Introduced at NBAA 2004 in Las Vegas last year and due to be formally launched as a product in New Orleans this October, Project U is intended to draw aircraft owners into the interior design process as far as possible to produce an outcome that reflects their requirements and tastes. Along the way, it could have the potential to turn ideas about what is possible in aircraft cabin design completely on their heads.

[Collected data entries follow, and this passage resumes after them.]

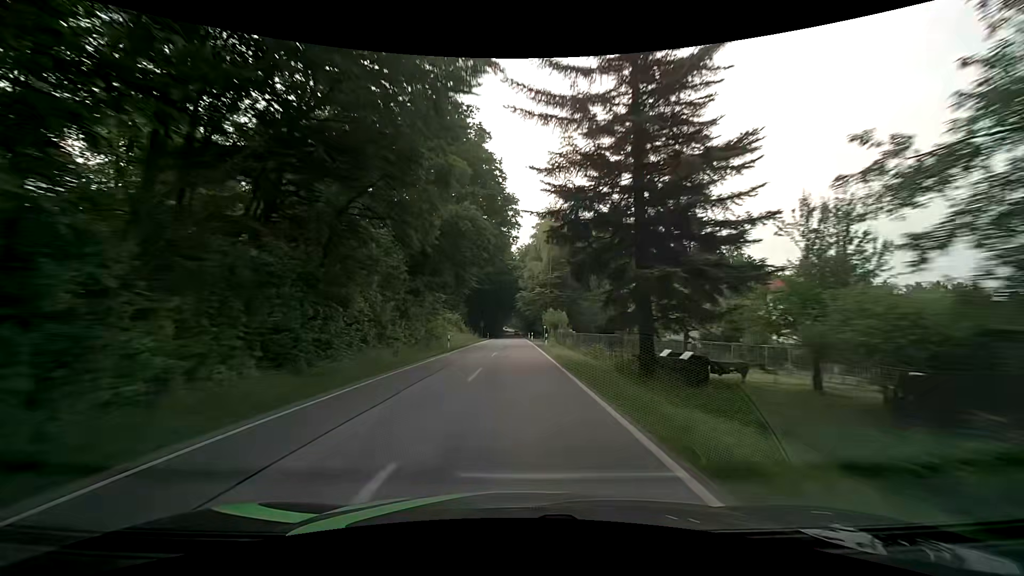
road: secondary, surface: asphalt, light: Day
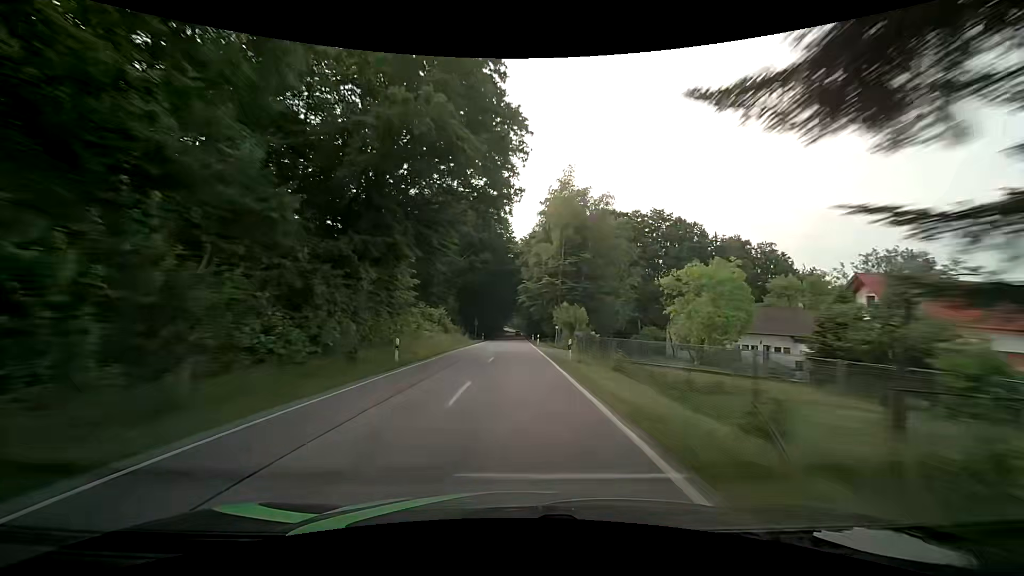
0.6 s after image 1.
(-0.1, +16.0) m; 0°
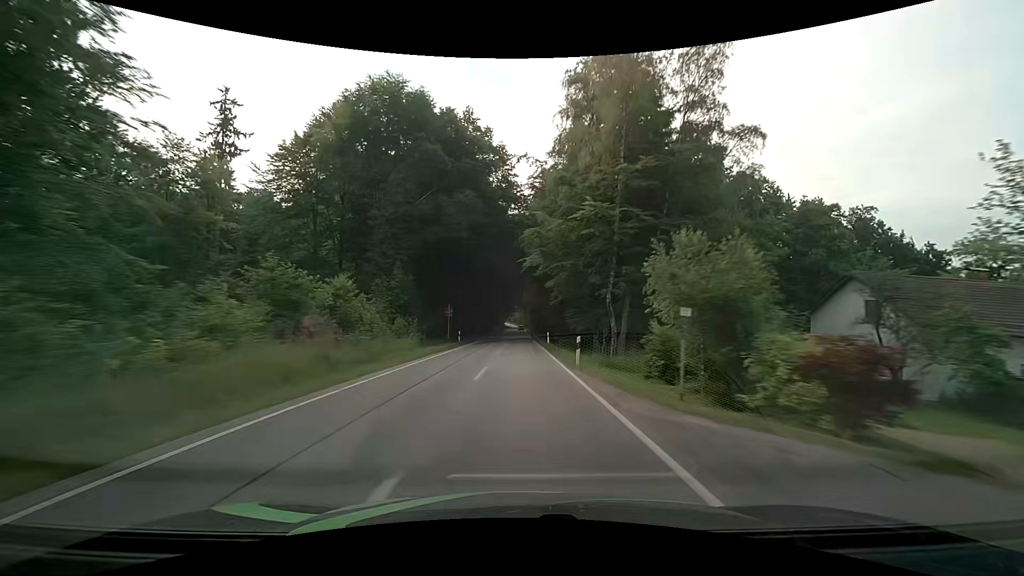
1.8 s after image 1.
(0.0, +32.0) m; 0°
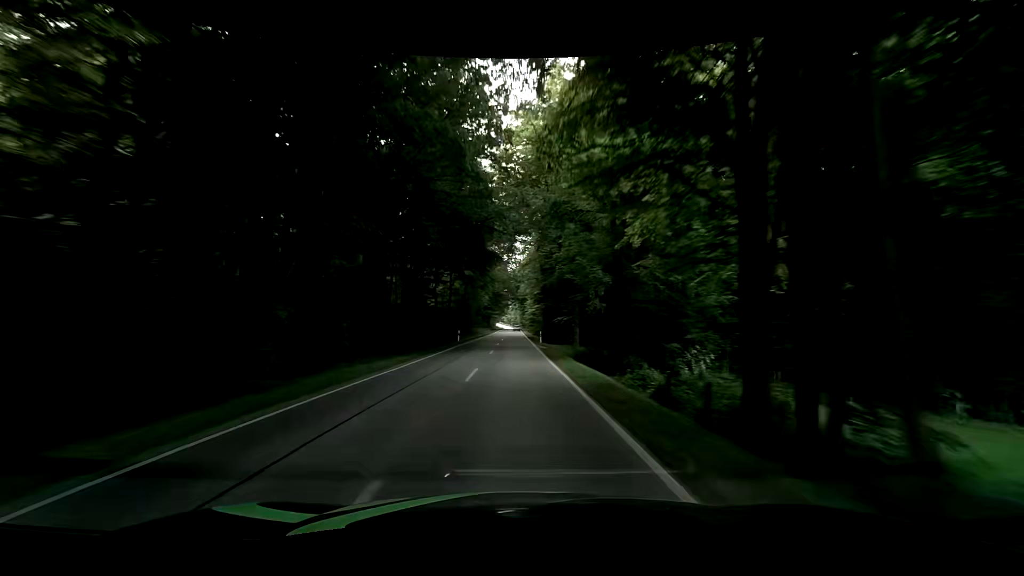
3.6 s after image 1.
(+0.2, +47.8) m; +1°
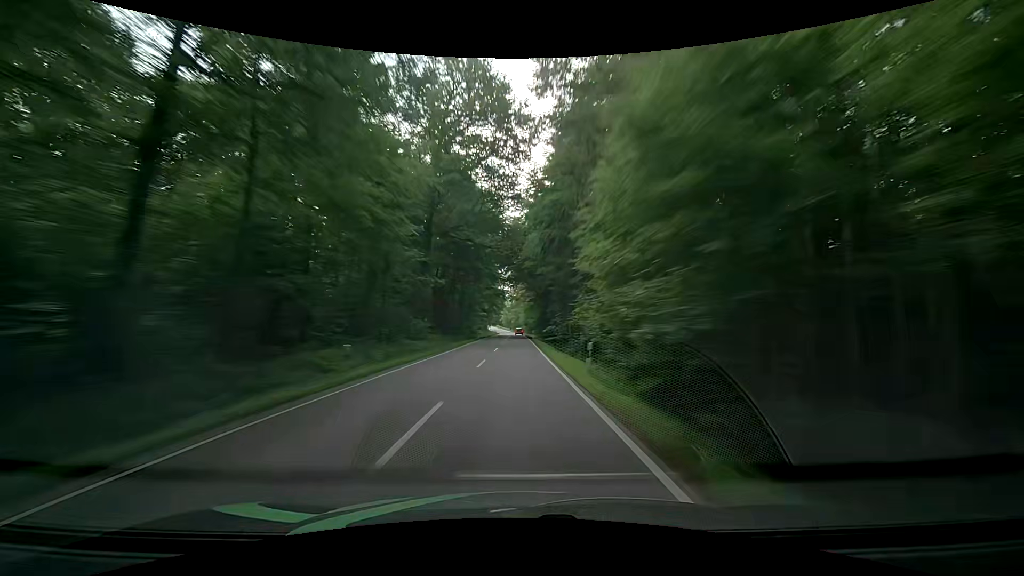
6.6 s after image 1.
(-0.9, +79.2) m; -1°
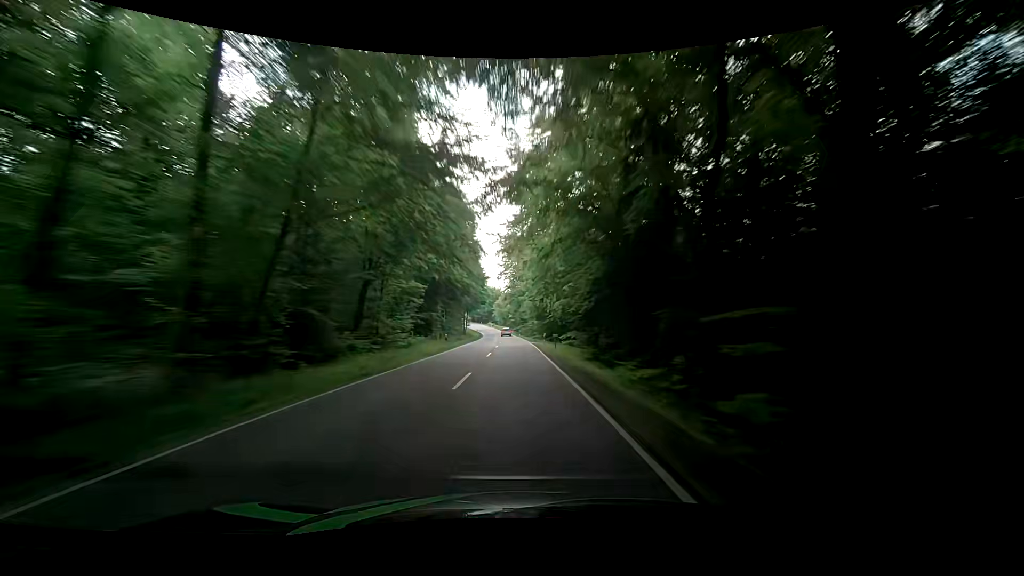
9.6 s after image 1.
(+0.2, +78.5) m; +1°
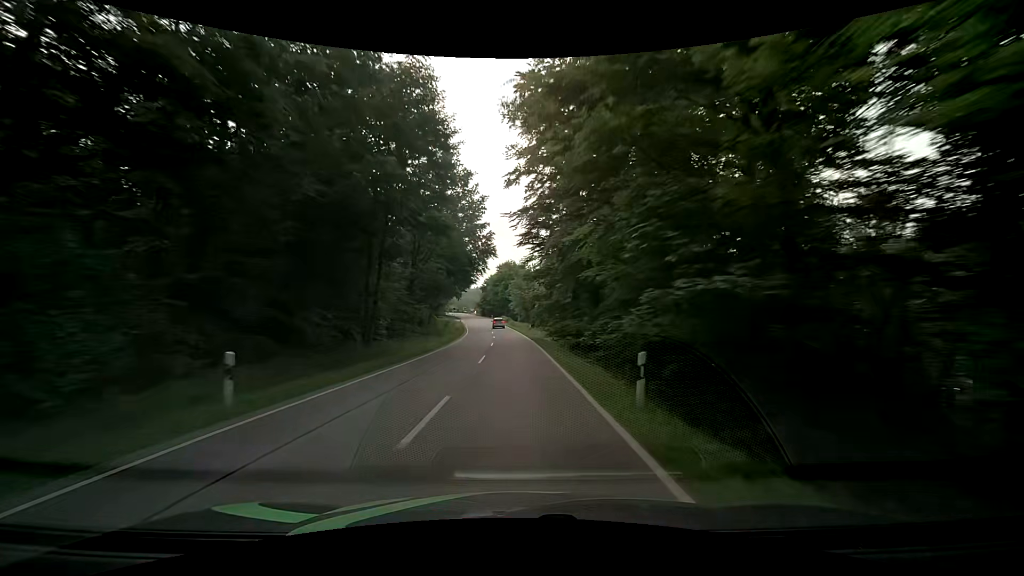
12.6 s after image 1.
(-2.6, +75.5) m; -4°
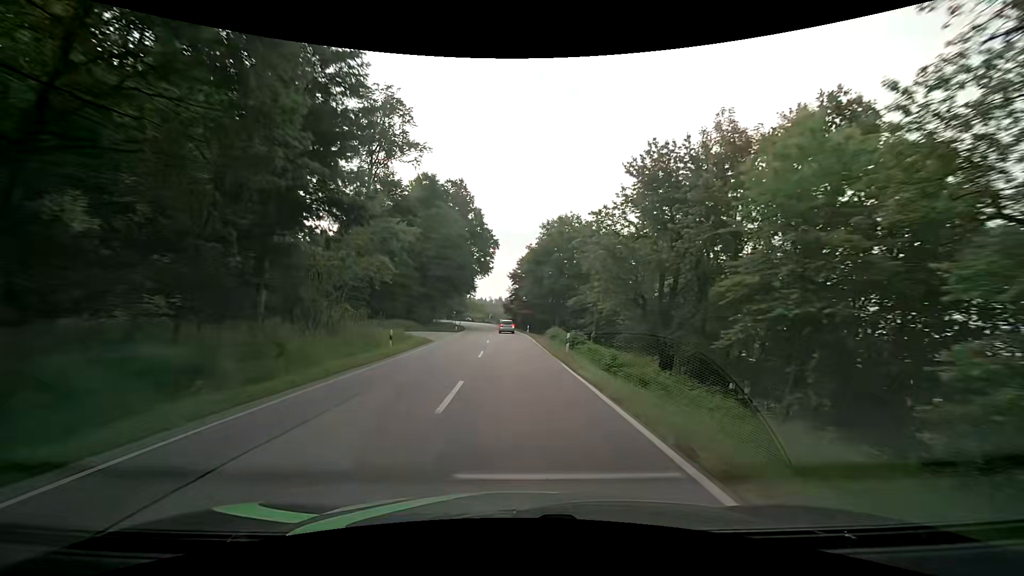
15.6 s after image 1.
(-3.2, +69.0) m; -5°
(0, +10) (0, +20) (0, +30) (-1, +40) (-1, +50) (-2, +60) (-2, +70) (-3, +80) (-4, +90) (-6, +100) m

"We're aiming to co-operate with big-name design companies in order to raise the look and feel of aircraft interiors to a whole new level," says project leader Jan Nieberle. "We're going out to recruit the very best in the world."
Worldwide
First aboard is Conran & Partners, known worldwide for its expertise in consumer goods and the theming of hotels, restaurants and apartment buildings. "They will advise us on lifestyles and living space," says Nieberle.
Other Project U players include Dutch company Philips Design, responsible for the high-technology projectors used to produce the "big window" effects seen in early Project U visual concepts. "We think this, rather than electronic wallpaper, is the way to go," Nieberle says. "With electronic wallpaper there may be heat-release problems that would rule out certification."
First application of the Project U method could be a VVIP Airbus A380. Lufthansa Technik and Airbus presented their ideas for the very last word in rich men's toys at last month's EBACE show in Geneva last month, unveiling a 3.7m-long, one-twentieth-scale model of the megajumbo in super-luxurious head-of-state configuration.
The big model's plexiglass fuselage panels revealed a layout that included bedrooms and a conference room. Other potential layouts could feature an upper deck given over to the owner's private quarters and other accommodation and a lower deck fitted out with offices and support functions.